Hello thank you very much for your answer, I had read the guideline but I thought it was just for SPL curves so I just respected the 800 pixels recommendation, anyway thank you for your suggestion I'll keep it for the next time. Here are my mdat files though, I must say I've done it with both speakers even if I've read it should be made just one speaker at a time, but I wanted to be able to compare the second measurement with the initial one I had recorded in february.
Finally I had to do again the measurement tonight because REW saved a corrupted measurement this afternoon, I attached all the three of them if anybody is able to open it anyway.

Thank you!


----------



## squareknot (Jul 31, 2017)

I think I also managed to prepare the graph in the correct scale and size.

Thank you!


----------



## JohnM (Apr 11, 2006)

That really is a tough room. The panels have helped at the upper end, above 1 kHz the decay times are OK now. Below that still quite lively, and at the low frequency end there are some huge resonances. To deal with them you will need large areas of very thick treatments (rockwool, for example). Careful placement might help reduce the effect of some of the peaks, if the room is rectangular you can use the REW room simulator to see what different listing and speaker positions do to the response.


----------



## squareknot (Jul 31, 2017)

I had tried replying yesterday but my message went lost I believe.. thank you for your really interesting graph, that would be nice if you could tell me how you obtained it. Besides if you took part to the development of REW I send you my compliments for a valuable and useful tool.
Concerning rockwool I'm quite concerned about health implications, since the room is part of the apartment where I live.. I started treating with 12 600 x 600 mm 50 mm thick piramidal melamine foam panels..


----------



## JohnM (Apr 11, 2006)

Bass traps of any sort would almost certainly help. To generate the RT60 graph just click on the RT60 button in the graph selector that runs above the graph (the controls are discussed here and here). I captured the image above from the RT60 graph in the Overlays window (click the Overlays button to show that). In the graph controls I selected Topt (REW's optimum estimate of the RT60 time) and one-third octave bands.

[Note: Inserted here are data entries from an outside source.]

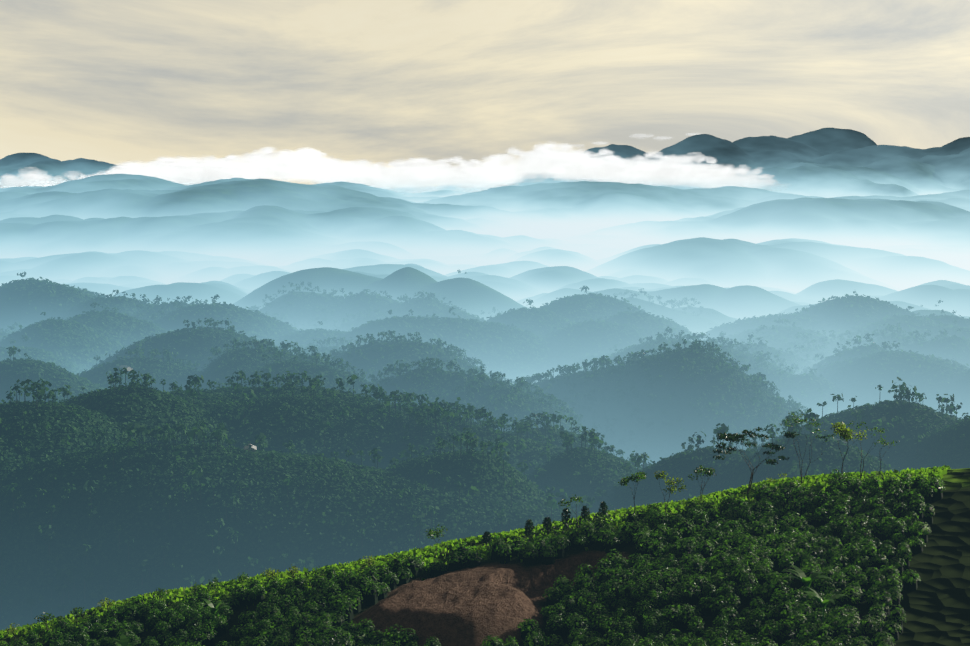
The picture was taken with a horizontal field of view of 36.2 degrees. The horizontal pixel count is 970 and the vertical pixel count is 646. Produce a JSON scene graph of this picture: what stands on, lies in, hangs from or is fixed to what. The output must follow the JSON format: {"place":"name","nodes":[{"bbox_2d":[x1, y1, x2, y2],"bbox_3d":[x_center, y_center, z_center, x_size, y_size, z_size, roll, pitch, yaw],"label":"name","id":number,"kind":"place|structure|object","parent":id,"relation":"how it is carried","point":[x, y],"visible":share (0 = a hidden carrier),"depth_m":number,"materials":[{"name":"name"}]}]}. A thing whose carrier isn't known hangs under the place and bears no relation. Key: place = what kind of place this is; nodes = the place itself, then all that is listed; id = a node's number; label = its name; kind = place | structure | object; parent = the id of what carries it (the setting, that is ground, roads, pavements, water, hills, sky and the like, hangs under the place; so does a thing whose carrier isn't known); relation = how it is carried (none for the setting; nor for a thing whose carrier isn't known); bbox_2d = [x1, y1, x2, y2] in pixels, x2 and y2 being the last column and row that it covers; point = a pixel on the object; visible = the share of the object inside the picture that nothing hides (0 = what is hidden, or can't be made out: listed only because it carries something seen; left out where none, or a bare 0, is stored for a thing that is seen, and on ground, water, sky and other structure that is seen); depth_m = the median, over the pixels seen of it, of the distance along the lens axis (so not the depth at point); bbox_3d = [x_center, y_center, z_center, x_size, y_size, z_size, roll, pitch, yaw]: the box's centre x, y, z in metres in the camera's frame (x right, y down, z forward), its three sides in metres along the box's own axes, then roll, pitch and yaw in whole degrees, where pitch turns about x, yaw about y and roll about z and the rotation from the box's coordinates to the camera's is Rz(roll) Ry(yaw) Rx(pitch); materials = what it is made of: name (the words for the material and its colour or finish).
{"place":"outdoors","nodes":[
{"label":"outdoors","id":0,"kind":"place"},
{"bbox_2d":[0,134,781,194],"bbox_3d":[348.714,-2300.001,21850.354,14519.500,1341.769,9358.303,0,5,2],"label":"cloud","id":1,"kind":"structure","parent":0,"point":[582,165],"depth_m":18864.32,"materials":[{"name":"white"}]},
{"bbox_2d":[0,128,969,645],"bbox_3d":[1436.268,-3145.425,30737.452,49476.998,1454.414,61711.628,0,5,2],"label":"hills","id":2,"kind":"structure","parent":0,"point":[842,212],"depth_m":4574.43,"materials":[{"name":"green plant"}]},
{"bbox_2d":[245,447,255,451],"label":"farm house walls","id":3,"kind":"structure","parent":2,"relation":"on","point":[250,449],"depth_m":791.81,"materials":[{"name":"grey"}]},
{"bbox_2d":[244,444,256,449],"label":"house","id":4,"kind":"structure","parent":3,"relation":"on","point":[253,446],"depth_m":796.33,"materials":[{"name":"white"}]},
{"bbox_2d":[13,411,899,645],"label":"crest tree","id":5,"kind":"object","parent":2,"relation":"on","point":[487,536],"depth_m":226.70,"materials":[{"name":"green plant"}]},
{"bbox_2d":[3,421,867,635],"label":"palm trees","id":6,"kind":"object","parent":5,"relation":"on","point":[842,428],"visible":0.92,"depth_m":225.52,"materials":[{"name":"green plant"}]},
{"bbox_2d":[0,469,945,645],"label":"tea bushes","id":7,"kind":"object","parent":2,"relation":"on","point":[195,608],"visible":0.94,"depth_m":197.31,"materials":[{"name":"green plant"}]},
{"bbox_2d":[0,465,950,645],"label":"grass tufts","id":8,"kind":"object","parent":2,"relation":"on","point":[225,587],"visible":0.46,"depth_m":225.04,"materials":[{"name":"green plant"}]},
{"bbox_2d":[114,565,847,645],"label":"banana plant","id":9,"kind":"object","parent":2,"relation":"on","point":[214,608],"depth_m":180.96,"materials":[{"name":"green plant"}]},
{"bbox_2d":[1,326,965,623],"bbox_3d":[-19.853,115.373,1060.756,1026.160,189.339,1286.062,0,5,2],"label":"tree trunks","id":10,"kind":"object","parent":2,"relation":"on","point":[313,394],"visible":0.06,"depth_m":898.89,"materials":[{"name":"brown plant"}]},
{"bbox_2d":[0,277,969,629],"bbox_3d":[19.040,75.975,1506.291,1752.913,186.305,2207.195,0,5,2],"label":"hill canopy bushes","id":11,"kind":"object","parent":2,"relation":"on","point":[228,395],"visible":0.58,"depth_m":926.33,"materials":[{"name":"green plant"}]},
{"bbox_2d":[0,270,969,629],"bbox_3d":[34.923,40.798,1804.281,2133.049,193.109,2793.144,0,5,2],"label":"trees","id":12,"kind":"object","parent":2,"relation":"on","point":[444,408],"visible":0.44,"depth_m":993.00,"materials":[{"name":"green plant"}]},
{"bbox_2d":[108,322,874,423],"bbox_3d":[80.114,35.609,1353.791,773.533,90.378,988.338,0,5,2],"label":"summit tree","id":13,"kind":"object","parent":2,"relation":"on","point":[258,342],"depth_m":983.83,"materials":[{"name":"green plant"}]},
{"bbox_2d":[0,0,969,185],"label":"sky","id":14,"kind":"structure","parent":0,"point":[109,81],"materials":[{"name":"beige"}]}
]}

I'm the only REW developer


----------



## squareknot (Jul 31, 2017)

Well pretty impressive!

I think REW grew up as some sort of reference point in the area of room acoustics! Here in Italy every professional in acoustics I heard talked well about it..!

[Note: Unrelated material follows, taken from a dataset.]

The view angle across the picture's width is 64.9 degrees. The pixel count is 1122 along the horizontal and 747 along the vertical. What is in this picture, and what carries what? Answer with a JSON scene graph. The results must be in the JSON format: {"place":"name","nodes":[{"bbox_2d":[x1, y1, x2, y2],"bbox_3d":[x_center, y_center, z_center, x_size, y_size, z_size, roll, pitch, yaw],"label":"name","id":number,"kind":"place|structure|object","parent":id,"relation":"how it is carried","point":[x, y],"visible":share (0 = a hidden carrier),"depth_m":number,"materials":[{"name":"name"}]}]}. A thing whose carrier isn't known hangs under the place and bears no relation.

I think I'll consider a donation to your account on the main REW site because your work is really worth it, and you were very kind to promptly assist me with my tests.

I'm just a novice in room acoustics but it is a fascinating discipline and my first attempt with those few panels was awarded with the results and further comforted by REWs data.

Is there in the forum a specific place where to discuss room treatment stuff? I didn't seem to find an explicit sub section, room EQing seems very popular but it's not my thing


----------



## JohnM (Apr 11, 2006)

Yes, there is the Home Audio Acoustics forum. There is also a lot of discussion of treatments for studios on Gearslutz.


----------